Мелеке-ханум не выносит самолета — у нее сердце. Я тоже не летаю самолетом. И не потому, что боюсь, просто я не получаю от полета никакого удовольствия. Правда, я ни разу и не летал, но уверен, что это так.
Мелеке-ханум улыбнулась и сказала:
— Не знаю, говорил ли вам кто-нибудь о том, что вы очень замкнутый человек!
— Вы не поверите, как я люблю болтать, — ответил я.
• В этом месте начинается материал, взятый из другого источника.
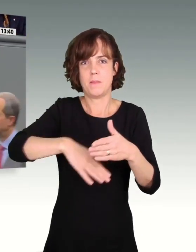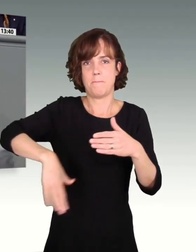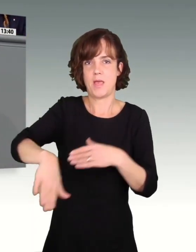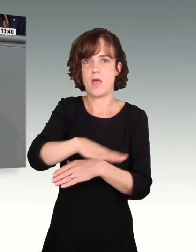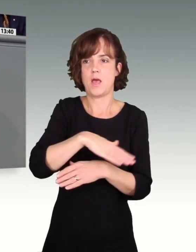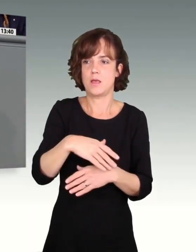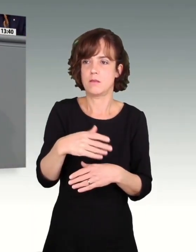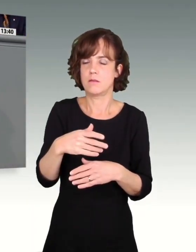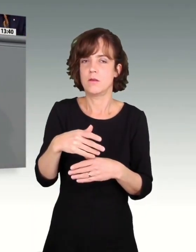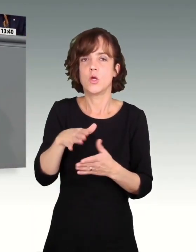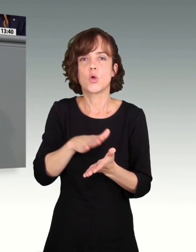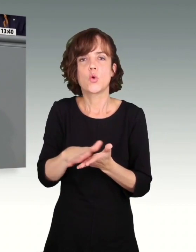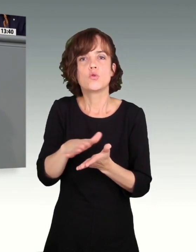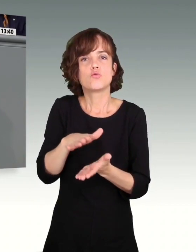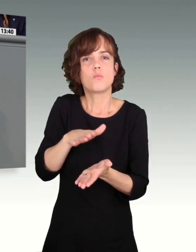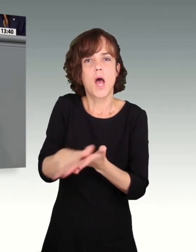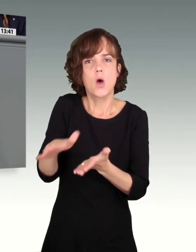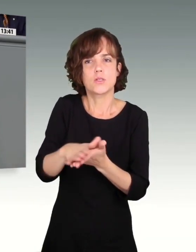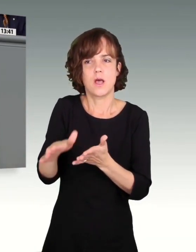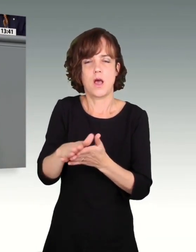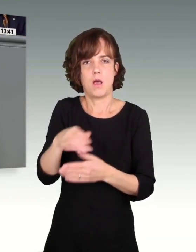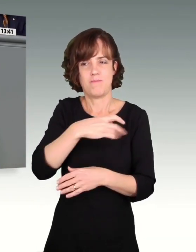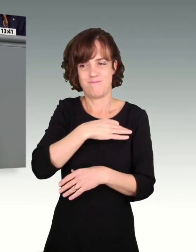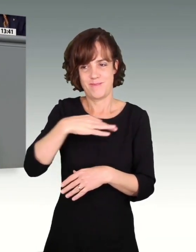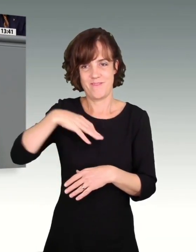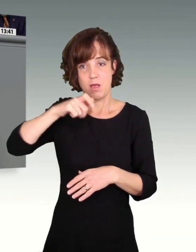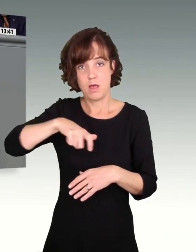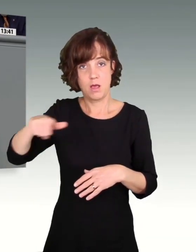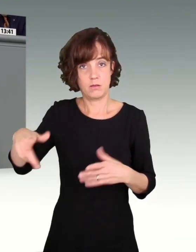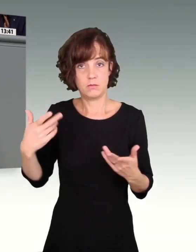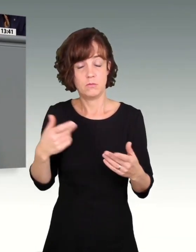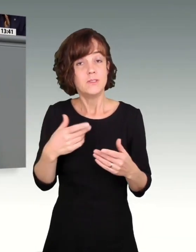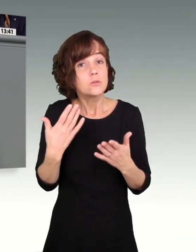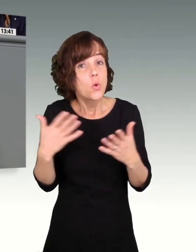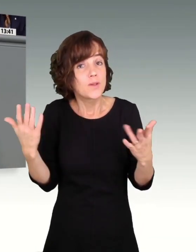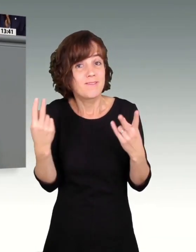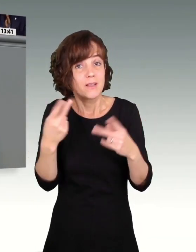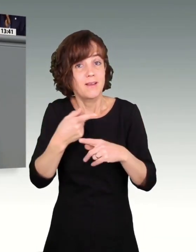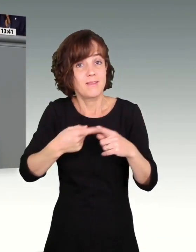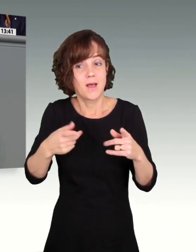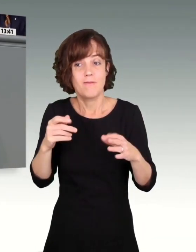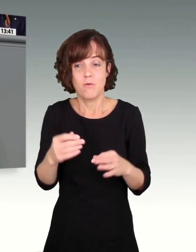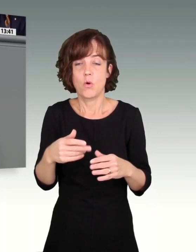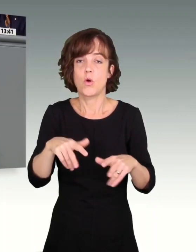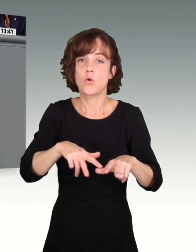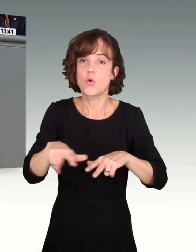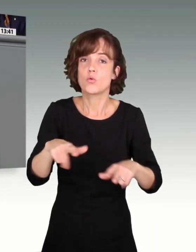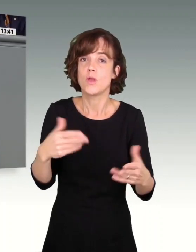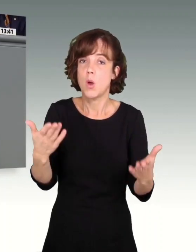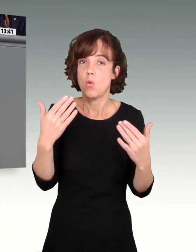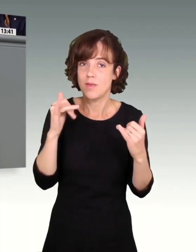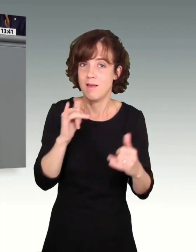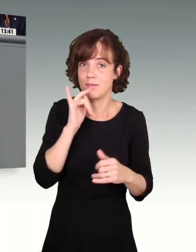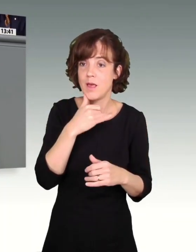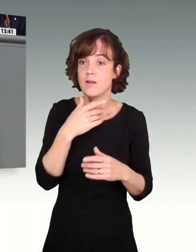die Konsumausgaben der privaten Hand, die sind ein ganz enormer Bestandteil dieser konjunkturellen Erholung. Die machen aus, dass die

— Нет, — говорит она, — поверю, потому что мы уже столько лет с вами вместе работаем, а разговоры наши, если записать их на магнитофонную ленту, не составят и двадцати метров: здравствуйте — здравствуйте, до свидания — до свидания…
Я мог бы, конечно, ответить ей: «Дорогая Мелеке-ханум, а о чем же мне с вами говорить? Наш разговор, если бы он и состоялся, оказался бы пустым, бессмысленным. Я ведь считаю вас совершеннейшей мещанкой, хотя и не знаю о вас ничего, просто я так вас чувствую. Мы с вами чужие люди, и настолько чужие, что двадцать магнитофонных метров для нас — это даже много!» Я мог ей это все сказать, но, конечно, не сказал ничего, потому что любые слова — уже разговор, а у меня нет никакой потребности в разговоре с Мелеке-ханум. Впрочем, так же, как и с Сафурой-ханум, как и с Самедом, Меликом, Санубар, Керимом, двоюродным братом Бейдаром, двоюродной сестрой Мединой и т. д. и т. п.
Самый лучший собеседник у человека — он сам. Человека может хорошо понять только один человек — он сам. Это мое убеждение, и обосновано оно всем опытом моей сорокадвухлетней жизни.
Мелеке-ханум отвернулась к окну и сказала:
— Вам, конечно, виднее, но, по-моему, такая замкнутость ни к чему.
Я опять не ответил ей, хотя на этот раз мне пришлось сказать себе: «Спокойно, дорогой, не надо нервничать».
Проводница вошла в купе и спросила:
— Еще чаю?
— Нет, — ответили мы, — нам не надо.
Проводница извинилась и сказала, что больше не будет нас беспокоить, после чего тихо, как заговорщица, закрыла за собою дверь.